What a strategy. Want to curtail both privacy and freedom? Set up a a blackmail scheme where you pit one against the other.
Them females showing their ankles, that's begging for rape.
It's not my fault I beat you up. If you had just given me your lunch money you wouldn't have a black eye.
Any insufficiently advanced magic is indistinguishable from technology.
dhs was created and given the impossible job of keeping everyone safe all the time.
if someone gets killed then dhs will be the scapegoat in endless congressional hearings.
what did we expect DHS and the TSA would do? i personally expect them to freak-the-fuck-out and go crazy with the aggressive techniques.
the public bitches no matter what.
I blame the mentality that profiling is some horrible crime, therefore everyone must be overly searched.
It was all my fault for standing in line. Being there.
Won't happen again.
the problem rests in the TSA's basic operational principle which is both invasive and arguably a violation of the 4th Amendment. The Israelis have a much greater problem with terrorists than we do and yet their airport screening procedures are far less intrusive.
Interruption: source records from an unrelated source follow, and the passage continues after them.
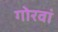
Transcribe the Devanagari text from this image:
गोरवां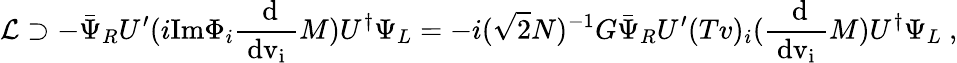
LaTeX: {\cal L}\supset-\bar{\Psi}_{R}U^{\prime}(i\mathrm{Im}\Phi_{i}\mathrm{\frac{~d}{~dv_{i}~}}M)U^{\dagger}\Psi_{L}=-i(\sqrt{2}N)^{-1}G\bar{\Psi}_{R}U^{\prime}(Tv)_{i}(\mathrm{\frac{~d}{~dv_{i}~}}M)U^{\dagger}\Psi_{L}\ ,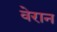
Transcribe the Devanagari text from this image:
वेरान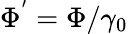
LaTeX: \Phi^{'}=\Phi/\gamma_{0}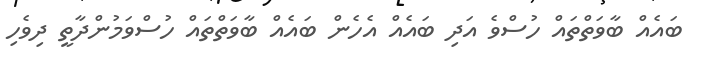
ބައެއް ބާވަތްތައް ހުސްވެ އަދި ބައެއް އެހެން ބައެއް ބާވަތްތައް ހުސްވަމުންދާތީ ދިވެހި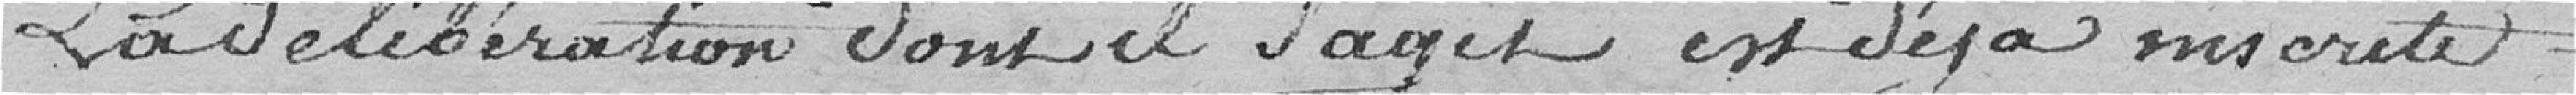
La délibération dont il s'agit est déjà inscrite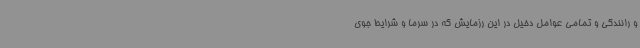
و رانندگی و تمامی عوامل دخیل در این رزمایش که در سرما و شرایط جوی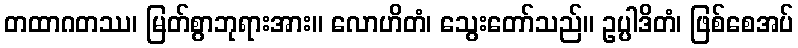
တထာဂတဿ၊ မြတ်စွာဘုရားအား။ လောဟိတံ၊ သွေးတော်သည်။ ဥပ္ပါဒိတံ၊ ဖြစ်စေအပ်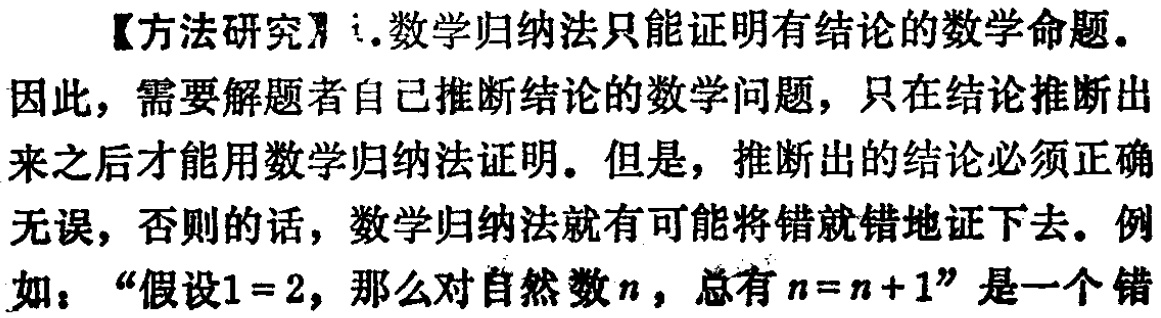
【方法研究】i.数学归纳法只能证明有结论的数学命题.

因此，需要解题者自己推断结论的数学问题，只在结论推断出来之后才能用数学归纳法证明. 但是，推断出的结论必须正确无误，否则的话，数学归纳法就有可能将错就错地证下去. 例如：“假设\(1 = 2\)，那么对自然数\(n\)，总有\(n=n + 1\)”是一个错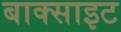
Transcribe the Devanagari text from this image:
बाक्‍साइट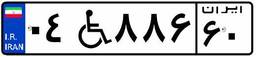
۰۴W۵۳۸۶۹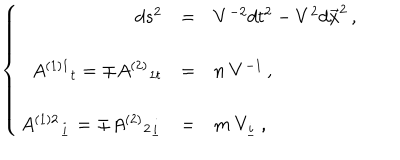
\left\{ \begin{array} { r c l } { { d s ^ { 2 } } } & { { = } } & { { V ^ { - 2 } d t ^ { 2 } - V ^ { 2 } d \vec { x } ^ { 2 } \, , } } \\ { { } } & { { } } & { { } } \\ { { A ^ { ( 1 ) 1 } { } _ { t } = \mp A ^ { ( 2 ) } { } _ { 1 t } } } & { { = } } & { { n \ V ^ { - 1 } \, , } } \\ { { } } & { { } } & { { } } \\ { { A ^ { ( 1 ) 2 } { } _ { \underline { { { i } } } } = \mp A ^ { ( 2 ) } { } _ { 2 \underline { { { i } } } } } } & { { = } } & { { m \ V _ { \underline { { { i } } } } \, , } } \\ \end{array} \right.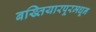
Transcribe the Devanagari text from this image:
बख्तियारपूरमधून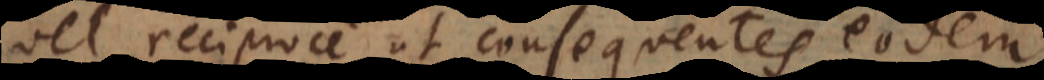
vel reciproce ut consequentes eodem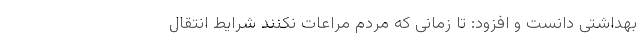
بهداشتی دانست و افزود: تا زمانی که مردم مراعات نکنند شرایط انتقال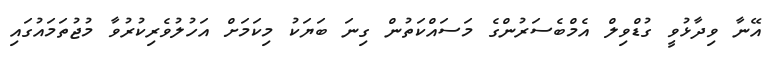
އޭނާ ވިދާޅުވީ ގުޑްވިލް އެމްބެސަރުންގެ މަސައްކަތުން ގިނަ ބަޔަކު މިކަމަށް އަހުލުވެރިކުރުވާ މުޖުތަމައުގައި

They use what much what used to be the standard American procedures combined with officers trained to detect suspicious behaviors in waiting passengers. Works for them and it would work for us if we'd invest in properly training and retaining personnel instead of using hiring and training practices one usually associates poorly run fast food chains. That being said, the idea of perfect airport security outside of a permanent military installation is an illusion. There are simply too many people coming and going on a daily basis to make the thing work. People who work in airports - having greater access to sensitive areas - pose a far greater threat vector than passengers.
No, the problem with the TSA is that they exist in the first place. Airlines should be responsible for ensuring their flights are safe. When airlines handle safety they can be held accountable if they do it poorly or they mistreat their customers. The TSA can clearly never be held accountable for anything.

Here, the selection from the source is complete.